As an example, fibre is increasingly being used in upstream exploration and production where land-based rigs are often moved, the ability to quickly change and reconfigure fibre cables can save considerable time and costs. Also, since offshore rigs can’t afford the time and cost of helicoptering in a fibre technician every time a cable requires servicing or replacement, quick-connect/disconnect connectors save on both service and downtime.

Another situation that often requires addressing is the need to make frequent changes to fibre cable configurations or service/replace cable when equipment is damaged. The use of pre-terminated fibre cable connectors that can quickly and easily be plugged in or unplugged can be very useful in both facilitating installation and avoiding prolonged service downtime.

Avoiding explosive hazards

In both offshore and land-based natural gas and oil rigs, multi-channel high-speed fiber optic cable is required to control automation as well as monitor equipment status and communicate predictive notifications when components are in danger of failing. Such capabilities create enormous cost savings by avoiding extended downtime due to catastrophic equipment failures.

Because these hazardous locations include sites with potentially explosive atmospheres, the risk of a catastrophic event should be taken into consideration. According to organisations that establish international safety requirements, the potential for fiber optics to cause ignition of explosive atmospheres presents a real hazard.

In some cases the explosion of flammable materials causes expensive downtime and the repair and/or replacement of equipment; in others the downtime and other costs – including human lives – can be colossal. The cost of a deepwater oil rig today averages around $350 million, and the stoppage of well production can range upward to $375,000 daily.

Because the hazards of explosive atmospheres are a global concern, ATEX (Atmosphere Explosibles) and the IECEx (International Electrotechnical Commission) have issued special “directives” to establish minimum requirements for improving the health and safety of workers potentially at risk from explosive atmospheres. The potential for these standards to be more widely adopted in the future is also likely.

Identifying risks

IECEx has determined that the primary risk of running fibre optic cabling in explosive or potentially-explosive atmospheres is related to the cable connectors, the recepticals that couple fiber optic cable to an enclosure. These are described as potential ignition sources under certain conditions, or “Zones,” as determmined by ATEX.

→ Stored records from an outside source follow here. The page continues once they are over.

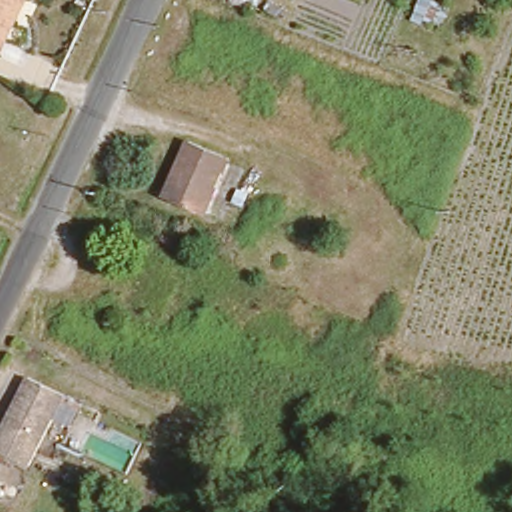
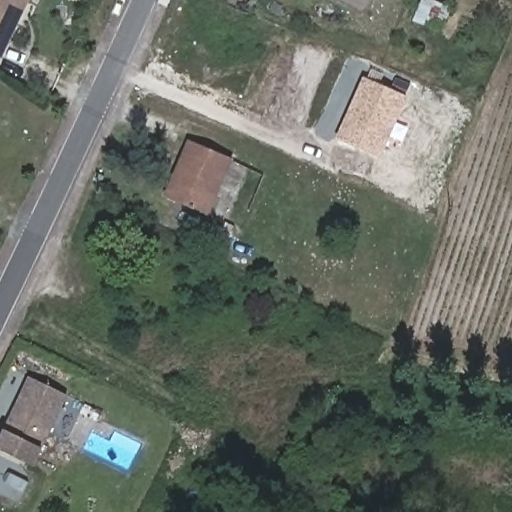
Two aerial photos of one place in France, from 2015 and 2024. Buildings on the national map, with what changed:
unchanged [(1,47),(0,47),(0,0),(25,0),(9,33),(1,47)]
unchanged [(451,2),(441,25),(415,13),(419,0),(447,0),(451,2)]
new [(406,95),(379,158),(335,138),(363,77),(406,95)]
unchanged [(180,160),(191,134),(230,151),(206,210),(176,197),(165,193),(180,160)]
unchanged [(30,468),(0,453),(0,436),(29,378),(66,397),(30,468)]

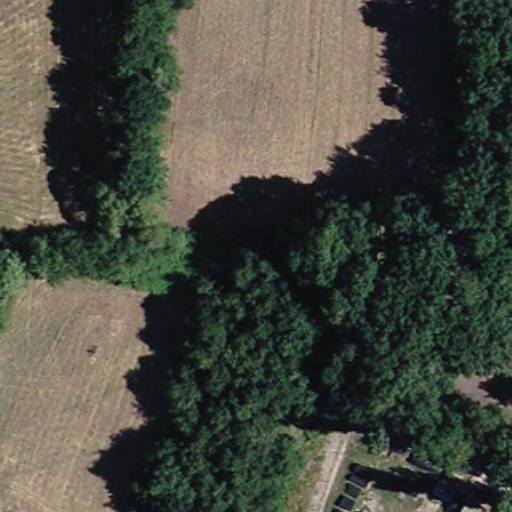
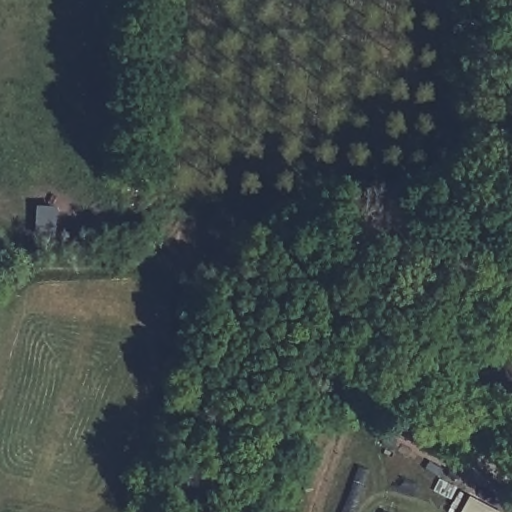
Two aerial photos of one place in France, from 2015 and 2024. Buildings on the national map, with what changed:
unchanged [(483,512),(454,512),(460,500),(483,512)]

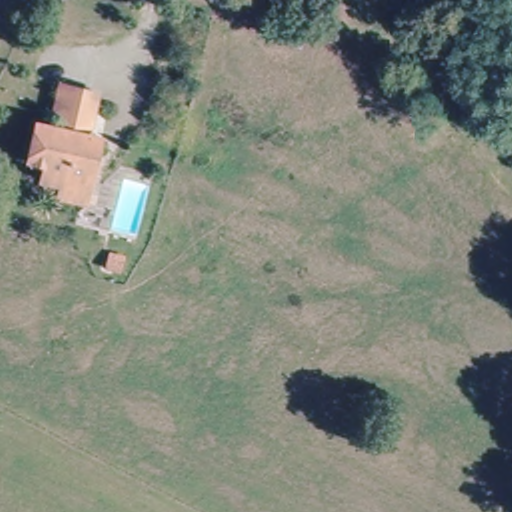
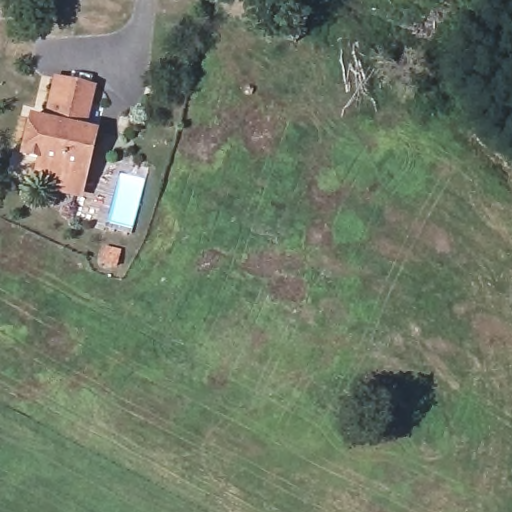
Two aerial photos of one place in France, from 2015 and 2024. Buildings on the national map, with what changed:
unchanged [(54,198),(56,181),(38,178),(41,162),(21,158),(28,119),(55,122),(56,111),(45,108),(49,74),(72,79),(90,81),(85,127),(96,129),(89,170),(83,202),(54,198)]
unchanged [(119,238),(118,254),(104,251),(104,235),(119,238)]

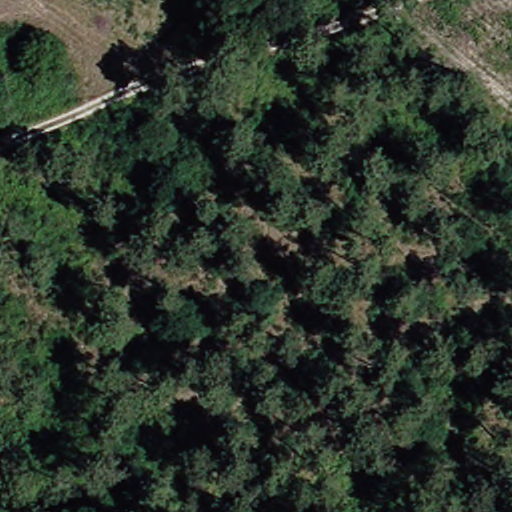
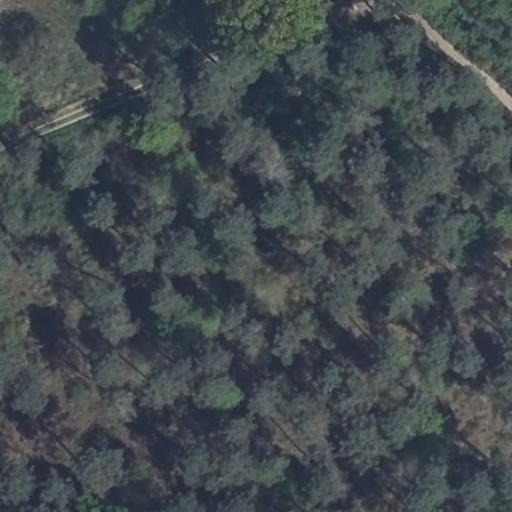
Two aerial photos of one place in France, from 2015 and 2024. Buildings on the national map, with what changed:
[]

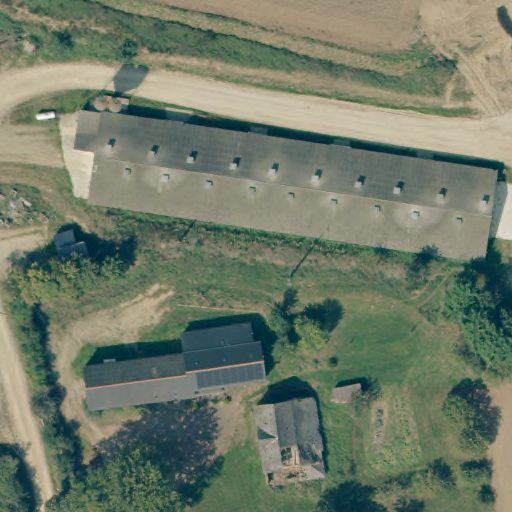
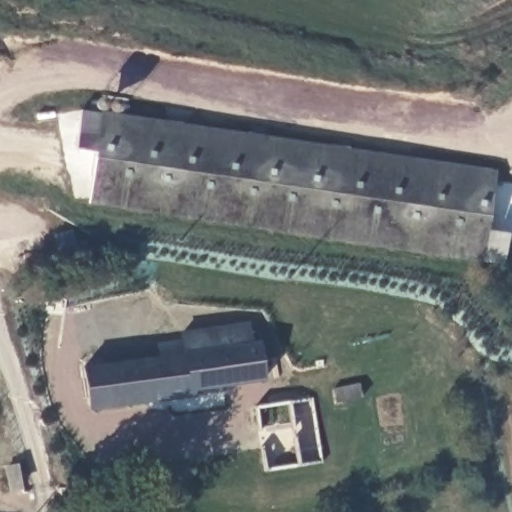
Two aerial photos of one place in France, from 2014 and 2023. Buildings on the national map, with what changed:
unchanged [(95,135),(98,112),(492,179),(482,263),(84,199),(92,150),(71,146),(72,131),(95,135)]
unchanged [(83,365),(104,363),(137,360),(136,356),(147,354),(147,358),(186,355),(180,331),(257,323),(263,383),(192,390),(193,395),(87,405),(83,365)]
unchanged [(331,386),(360,382),(362,397),(333,400),(331,386)]
unchanged [(308,395),(312,394),(320,476),(261,483),(253,401),(308,395)]

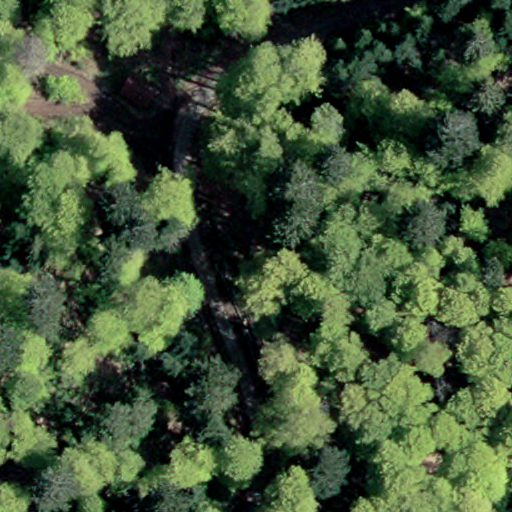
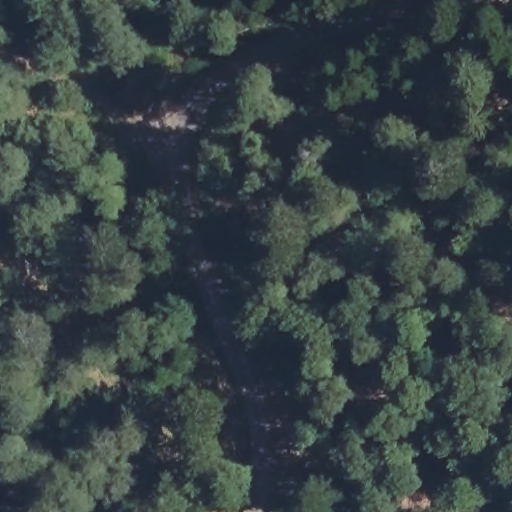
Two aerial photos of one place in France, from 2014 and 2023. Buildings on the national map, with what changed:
unchanged [(143,120),(110,100),(125,78),(157,99),(143,120)]

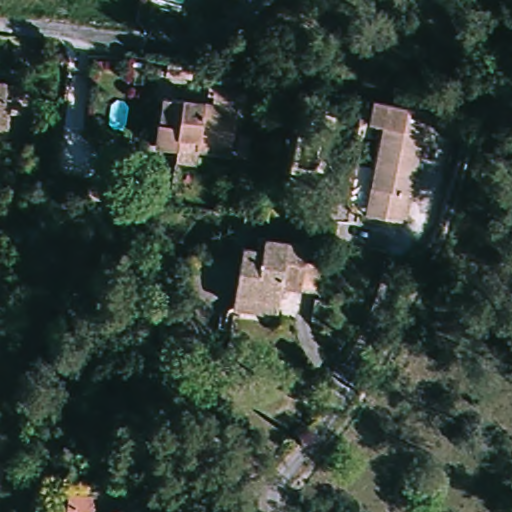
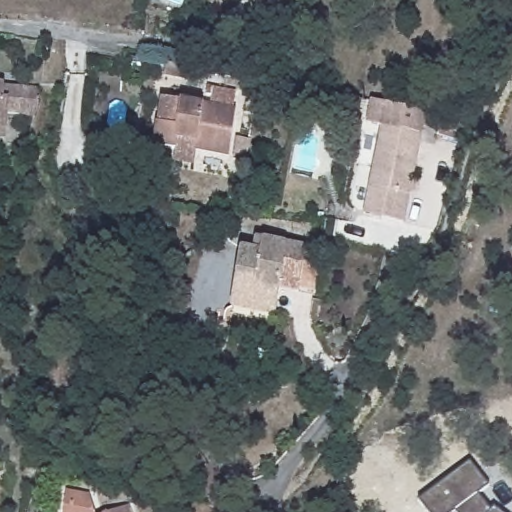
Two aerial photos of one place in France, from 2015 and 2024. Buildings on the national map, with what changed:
unchanged [(169,169),(170,161),(150,157),(159,105),(203,112),(206,96),(231,100),(229,114),(233,115),(225,160),(195,155),(192,172),(169,169)]
unchanged [(0,136),(0,98),(3,98),(2,129),(1,137),(0,136)]
unchanged [(370,202),(383,141),(369,138),(374,117),(424,126),(403,227),(383,222),(367,219),(370,202)]
unchanged [(86,186),(84,197),(82,210),(63,206),(67,182),(86,186)]
unchanged [(261,237),(309,247),(301,285),(281,281),(286,258),(258,252),(261,237)]
unchanged [(258,252),(286,258),(281,281),(275,314),(234,306),(245,250),(258,252)]
new [(470,463),(490,487),(479,495),(492,511),(494,508),(499,512),(426,512),(420,504),(470,463)]
unchanged [(82,503),(86,512),(57,512),(60,498),(82,503)]
unchanged [(136,512),(102,512),(130,499),(136,512)]
unchanged [(155,512),(150,512),(155,510),(155,512)]

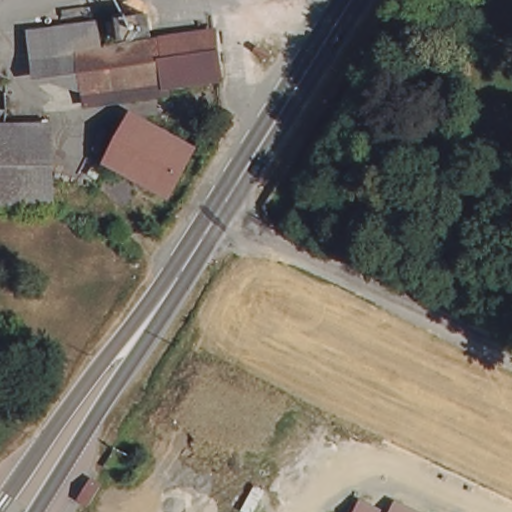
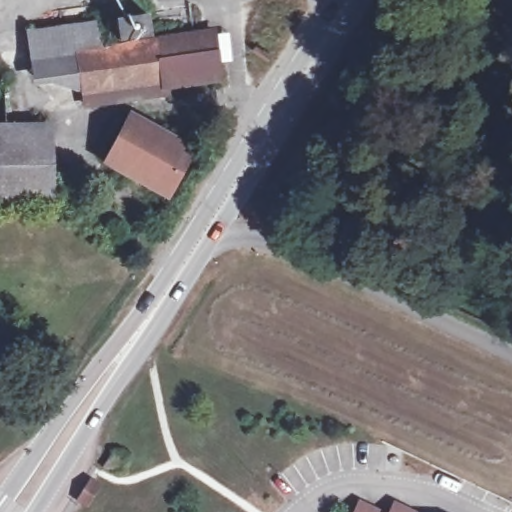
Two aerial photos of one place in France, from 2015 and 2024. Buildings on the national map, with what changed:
unchanged [(150,17),(154,38),(122,42),(120,21),(150,17)]
unchanged [(32,36),(99,24),(104,48),(85,51),(35,58),(32,36)]
unchanged [(104,48),(161,40),(162,56),(165,78),(89,88),(89,86),(85,51),(104,48)]
unchanged [(210,47),(215,76),(166,85),(165,78),(162,56),(210,47)]
unchanged [(38,82),(35,58),(85,51),(89,86),(38,82)]
unchanged [(165,78),(166,85),(167,95),(90,106),(89,88),(165,78)]
unchanged [(194,158),(167,200),(107,165),(135,123),(194,158)]
unchanged [(0,204),(0,132),(57,130),(61,202),(0,204)]
unchanged [(385,512),(353,512),(359,500),(385,512)]
unchanged [(422,512),(387,512),(393,500),(422,512)]

“The primary ATEX zones where fiber optic connectors should be certified as safe are Zone 1 and Zone 2,” says Phillip Hoyle, an expert in fibre optics and product development specialist with Optical Cable Corporation (OCC). “Zone 1 is defined as a place in which an explosive atmosphere is likely to occur in normal operation. Zone 2 applies to locations where an  explosion is less likely to occur in normal operation, but if it does occur, will persist for a short period only.”

Hoyle adds that there is actually an enormous number of users that should be using certified connectors in potentially explosive atmospheres. Yet, there is a lack of available certified fiber connector solutions, particularly with high-count multi-channel options that facilitate the bandwidth that is required.

As an example, OCC recently developed the EZ-Mate Ex line of quick connectors,which provides up to 24 fibre connections in a single connector and has hazardous location protection for Zones 1 and 2.

“Having a certified fibre connectors installed in a hazardous area not only speeds up the certification process, but can also reduce time to market along with reduced testing and certification costs for the customer,” he explains.